TASK GOAL: Repeat every record below exactly, omitting any pictures.

MATERIAL FOR THE TASK:
[Start of Attachment]
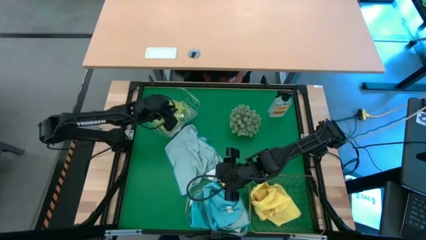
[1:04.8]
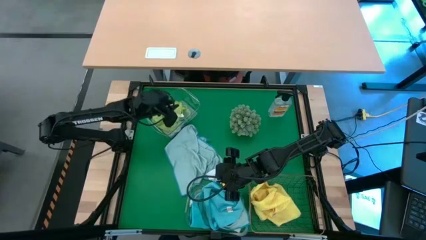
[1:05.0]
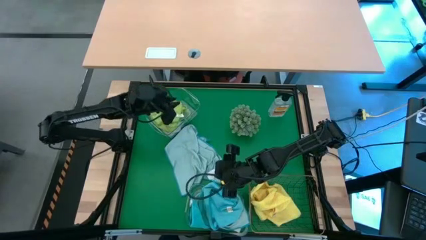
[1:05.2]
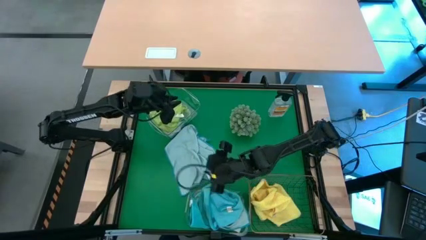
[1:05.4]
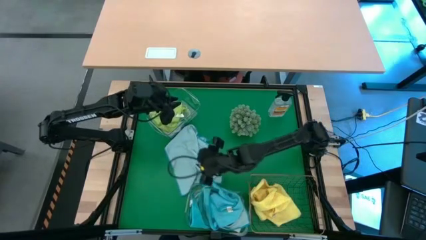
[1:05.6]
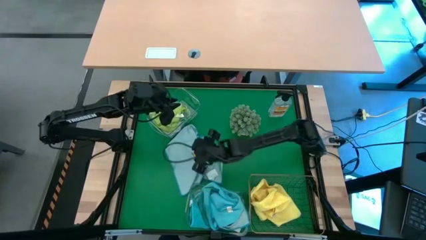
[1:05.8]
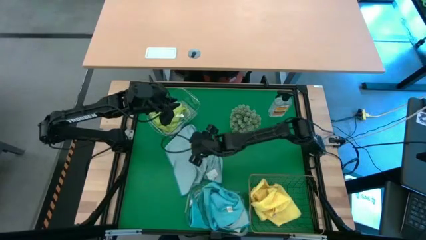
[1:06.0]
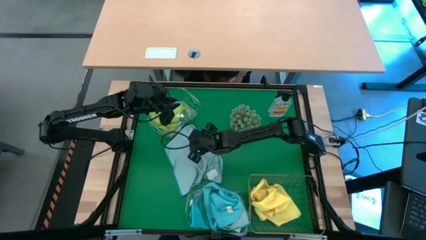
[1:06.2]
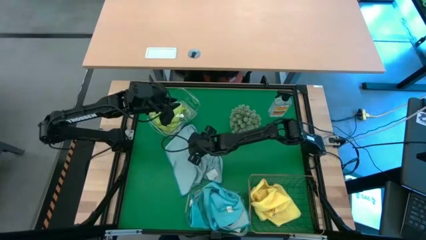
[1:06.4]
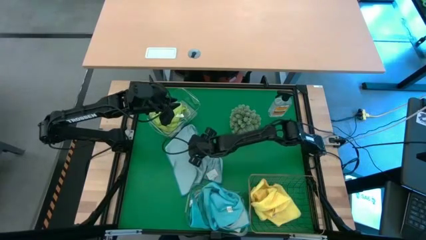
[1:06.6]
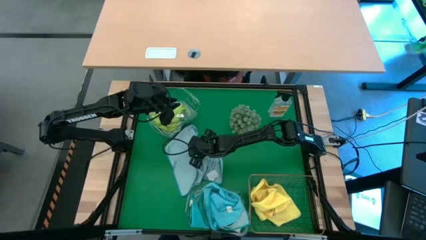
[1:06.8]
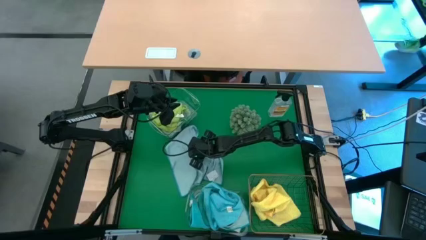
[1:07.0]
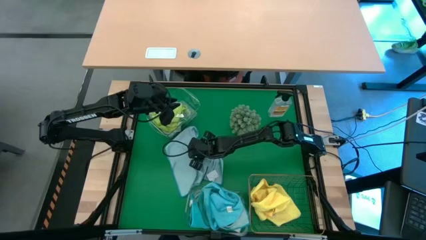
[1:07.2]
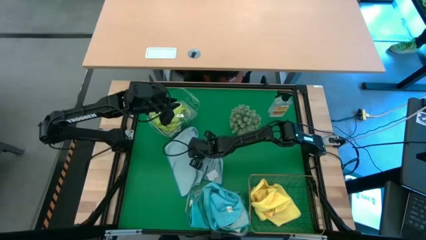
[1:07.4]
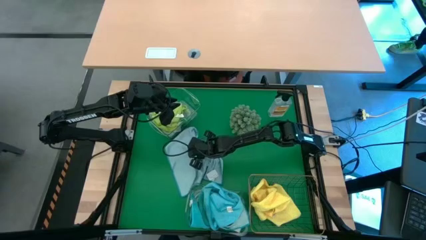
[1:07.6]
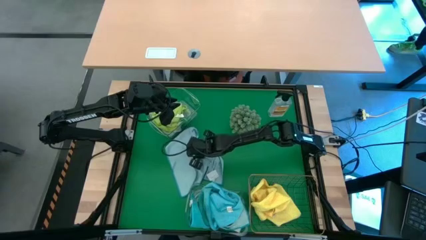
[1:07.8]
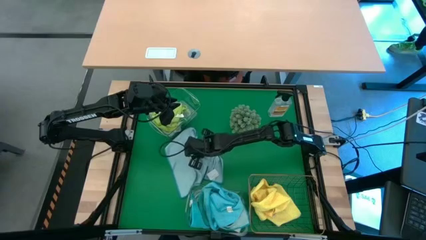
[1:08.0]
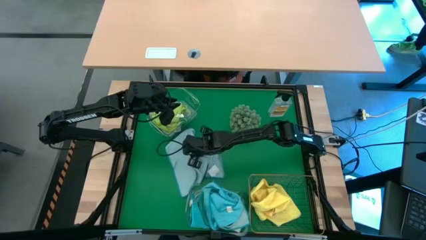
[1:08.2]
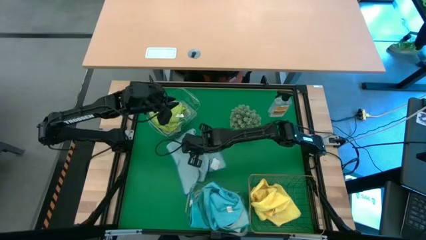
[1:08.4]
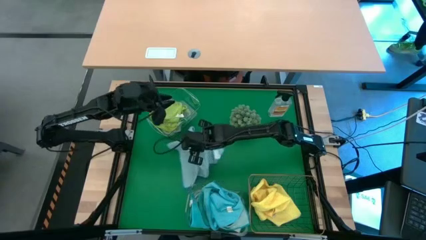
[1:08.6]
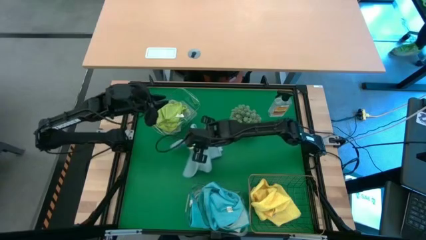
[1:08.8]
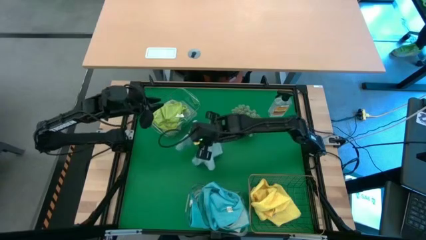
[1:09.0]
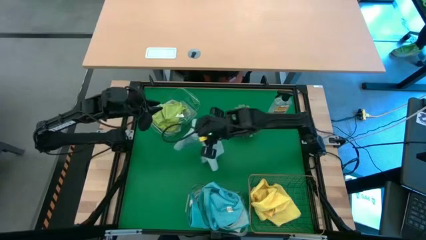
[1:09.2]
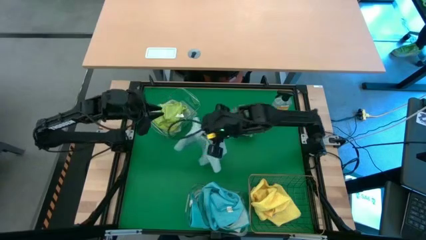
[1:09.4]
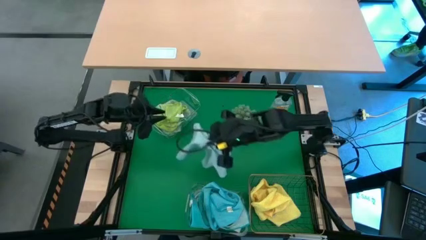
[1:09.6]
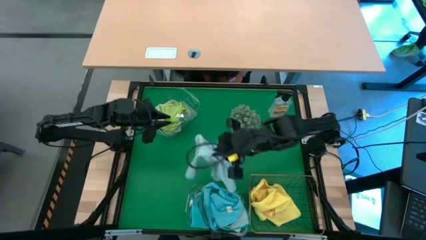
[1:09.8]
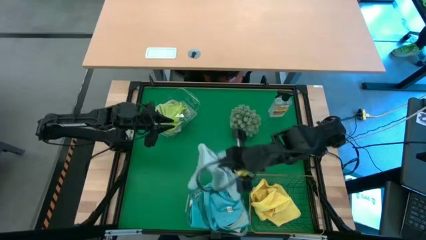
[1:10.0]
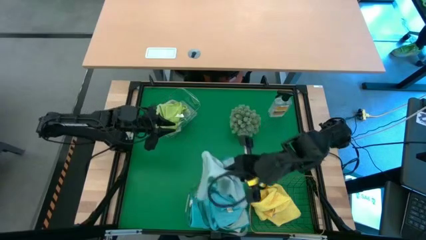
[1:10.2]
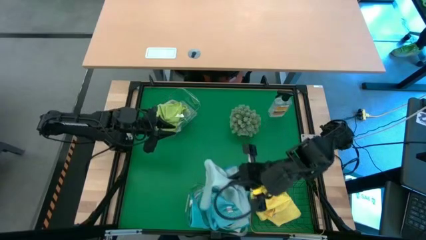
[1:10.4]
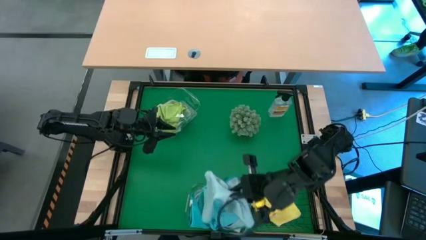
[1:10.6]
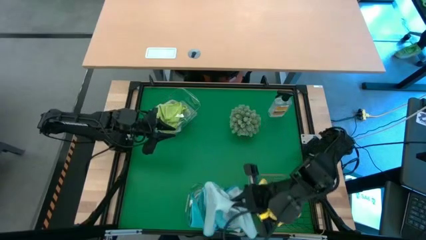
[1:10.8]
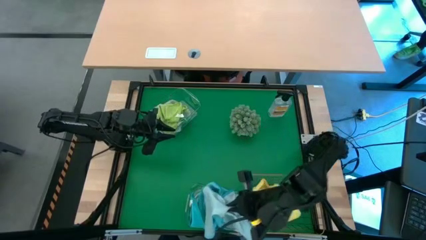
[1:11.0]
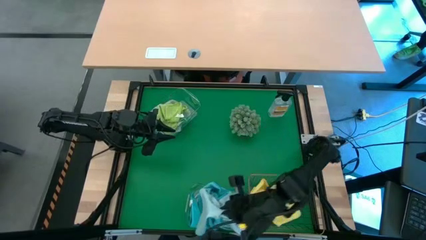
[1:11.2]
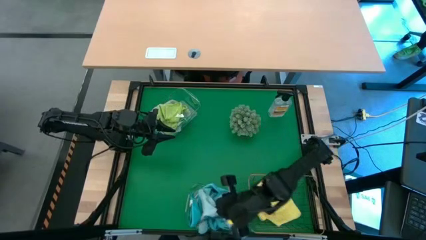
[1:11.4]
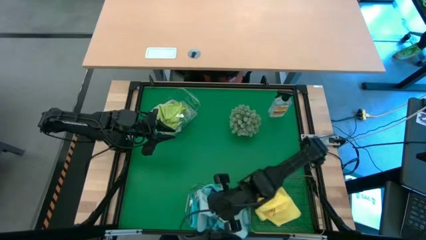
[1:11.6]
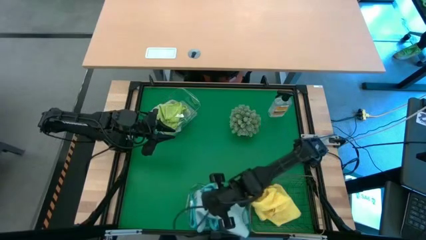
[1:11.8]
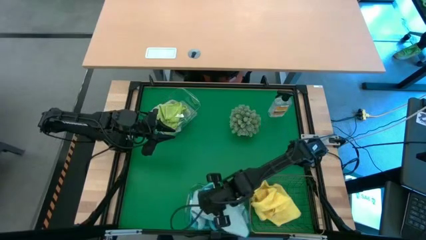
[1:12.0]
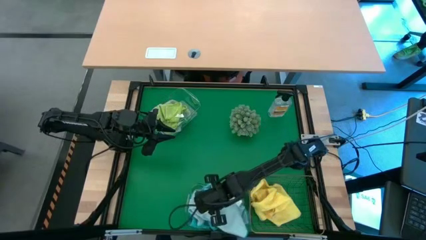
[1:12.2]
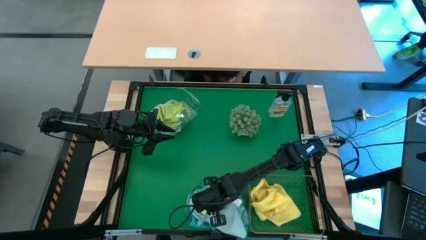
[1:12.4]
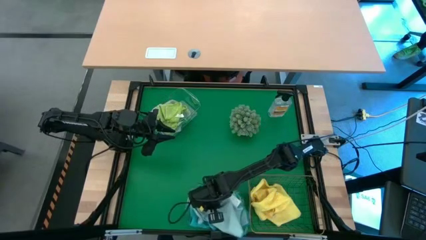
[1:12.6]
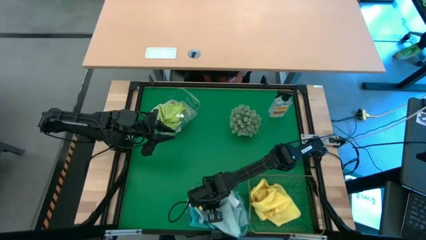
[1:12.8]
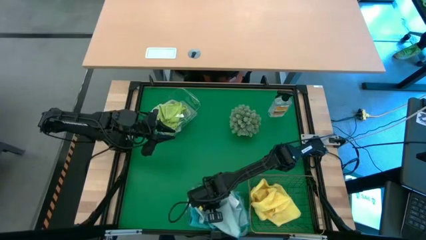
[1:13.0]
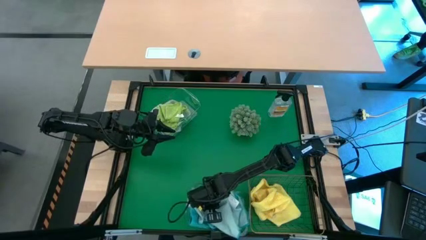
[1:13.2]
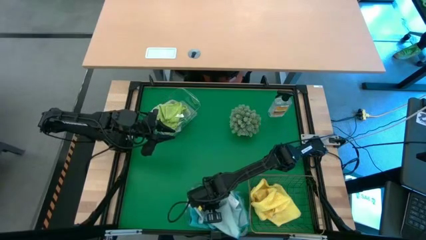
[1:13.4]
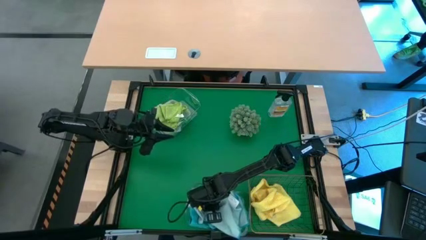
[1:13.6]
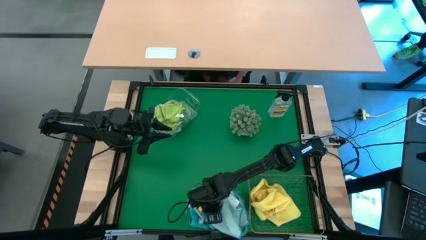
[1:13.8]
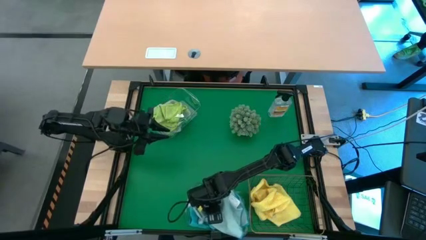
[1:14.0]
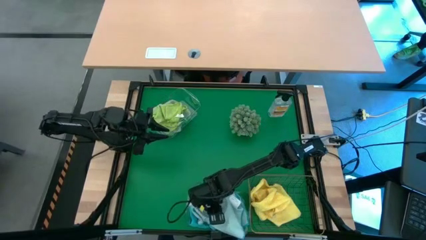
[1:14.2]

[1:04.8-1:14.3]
Task: Sort microfiber towel by color & place in baskets
Put the light blue microfiber cloth into the bottom transparent bin
[End of Attachment]
SOLUTION:
[1:04.8]
[1:05.0]
[1:05.2]
[1:05.4]
[1:05.6]
[1:05.8]
[1:06.0]
[1:06.2]
[1:06.4]
[1:06.6]
[1:06.8]
[1:07.0]
[1:07.2]
[1:07.4]
[1:07.6]
[1:07.8]
[1:08.0]
[1:08.2]
[1:08.4]
[1:08.6]
[1:08.8]
[1:09.0]
[1:09.2]
[1:09.4]
[1:09.6]
[1:09.8]
[1:10.0]
[1:10.2]
[1:10.4]
[1:10.6]
[1:10.8]
[1:11.0]
[1:11.2]
[1:11.4]
[1:11.6]
[1:11.8]
[1:12.0]
[1:12.2]
[1:12.4]
[1:12.6]
[1:12.8]
[1:13.0]
[1:13.2]
[1:13.4]
[1:13.6]
[1:13.8]
[1:14.0]
[1:14.2]

[1:04.8-1:14.3]
Task: Sort microfiber towel by color & place in baskets
Put the light blue microfiber cloth into the bottom transparent bin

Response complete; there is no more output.